In a second embodiment, the frame is lowered as a unit, but typically has an upper portion (an upper frame member) that is vertically movable relative to the lower portion (a lower frame member). A processing apparatus (in the form of a pressure intensifier) and a conduit means (a mandrel) are mounted to the upper portion. An actuating means comprising one or more jack mechanisms is provided between the lower and upper portions of the frame. When the lower portion of the frame lands on the tree frame, the lower end of the mandrel will be spaced above the flow line receptacle. The jack mechanisms then lower the upper portion of the frame, causing the mandrel to stab sealingly into the receptacle (the choke body). Thus, in this embodiment, the conduit means comprises a single mandrel having a single flowpath therethrough.

In a third embodiment, the conduit means has a flexible portion. Preferably, the flexible portion is moveable relative to the frame. Typically, the flexible portion of the conduit means is fixed relative to the frame at a single point. Typically, the flexible portion of the conduit means is connected to the processing apparatus and supported at the processing apparatus connection, in embodiments where the processing apparatus is supported on the frame.

Optionally, the conduit means comprises two conduits, one of which is adapted to carry fluids going towards the processing apparatus, the other adapted to carry fluids returning from the processing apparatus. Typically, each of the two conduits of the conduit means is fixed relative to the frame at a respective point. Typically, the flexible portion of each of the two conduits of the conduit means is connected to the processing apparatus and is supported at the processing apparatus connection (where a processing apparatus is provided on the frame).

Typically, the flexible portion of the conduit means is resilient. Typically, the direction of movement of the flexible portion of the conduit means in the second stage of the connection defines an axis of connection and the flexible portion of the conduit means is curved in a plane perpendicular to the axis of connection to provide resilience in the connection direction. In such embodiments, the flexible portion of the conduit means is in the form of a coil, or part of a coil. This allows the lower end of the conduit means (the connection end) to be moved resiliently in the connection direction.

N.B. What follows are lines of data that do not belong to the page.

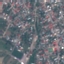
Land use / land cover class: Residential
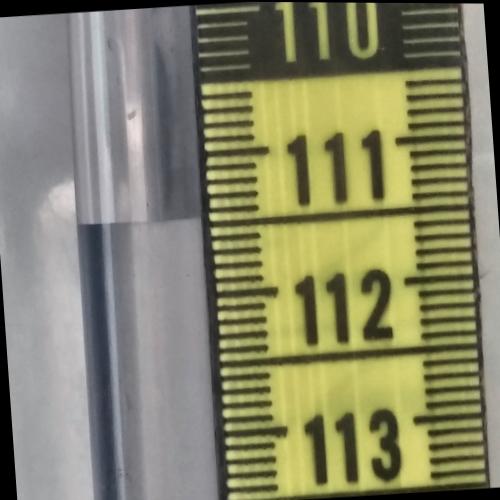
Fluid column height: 111.5 cm
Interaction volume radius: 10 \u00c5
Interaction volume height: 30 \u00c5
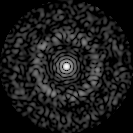
Disorder parameter: 0.8285
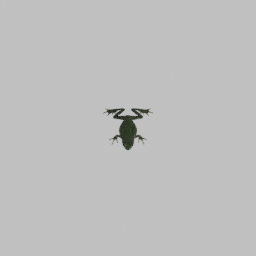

Typically, the flexible portion of the conduit means supports a connector adapted to attach to the choke body (either directly or via a further conduit extending from the choke body), the flexible portion of the conduit means allowing relative movement of the connector and the frame to buffer the connection.

Typically, an actuating means is provided which is adapted to move the flexible portion relative to the frame to bring an end of the flexible portion into fluid communication with the interior of the choke body. The actuating means typically comprises a swivel eye mounting hydraulic cylinder.

Considering now all embodiments of the invention, the conduit system may optionally provide a single flowpath between the choke body and the processing apparatus.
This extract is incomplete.